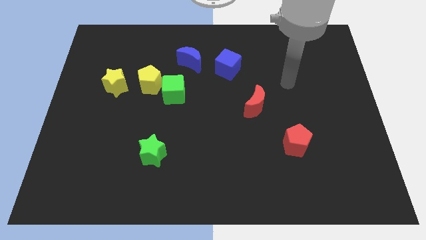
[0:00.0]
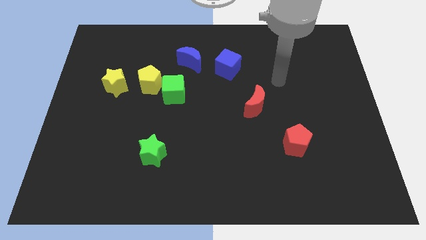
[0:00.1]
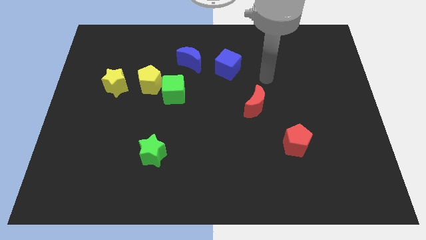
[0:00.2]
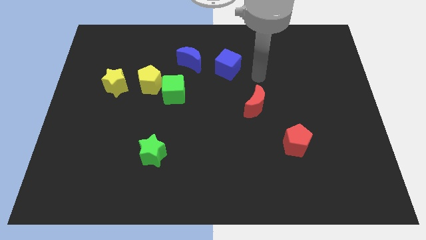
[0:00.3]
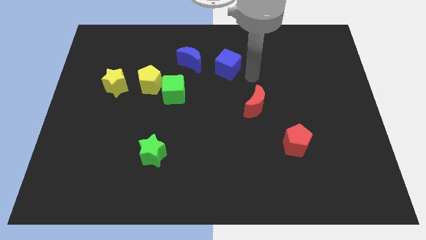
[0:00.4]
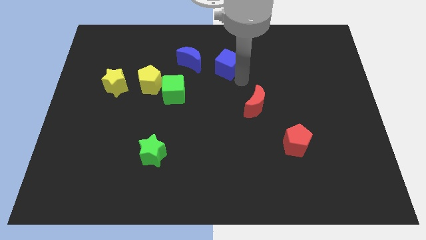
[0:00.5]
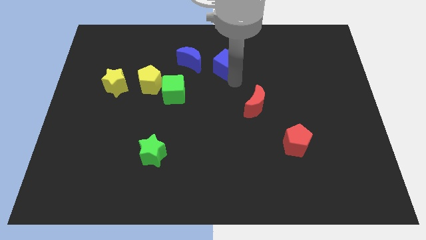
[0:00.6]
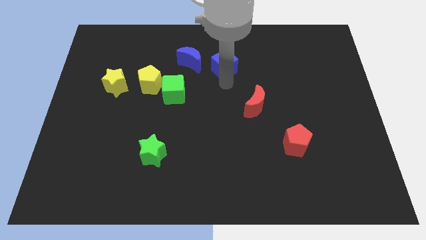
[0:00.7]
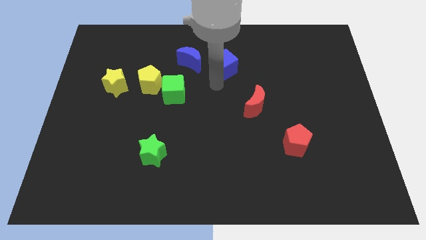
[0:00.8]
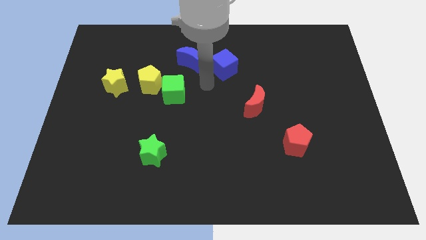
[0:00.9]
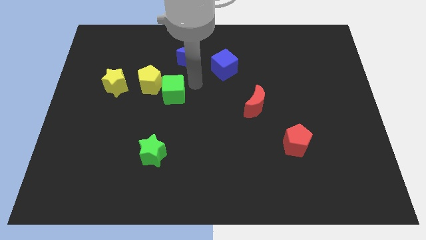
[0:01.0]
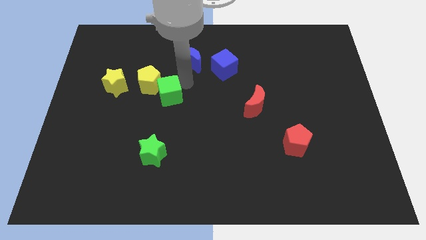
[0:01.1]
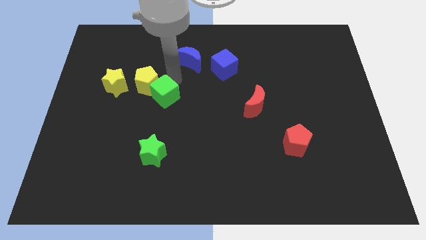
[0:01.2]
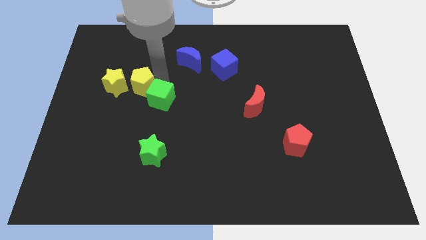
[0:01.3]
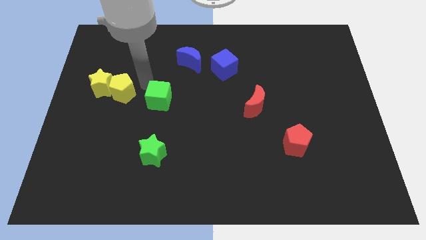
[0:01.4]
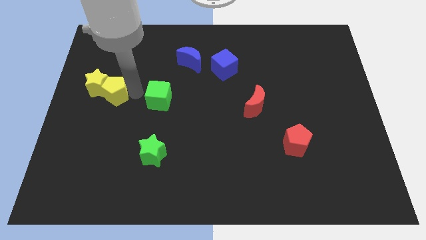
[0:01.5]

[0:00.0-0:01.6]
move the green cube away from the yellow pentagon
=-=-=
Task requirements: The whole listing is to be retyped exactly, with its pictures removed.

Task answer:
[0:00.0]
[0:00.1]
[0:00.2]
[0:00.3]
[0:00.4]
[0:00.5]
[0:00.6]
[0:00.7]
[0:00.8]
[0:00.9]
[0:01.0]
[0:01.1]
[0:01.2]
[0:01.3]
[0:01.4]
[0:01.5]

[0:00.0-0:01.6]
move the green cube away from the yellow pentagon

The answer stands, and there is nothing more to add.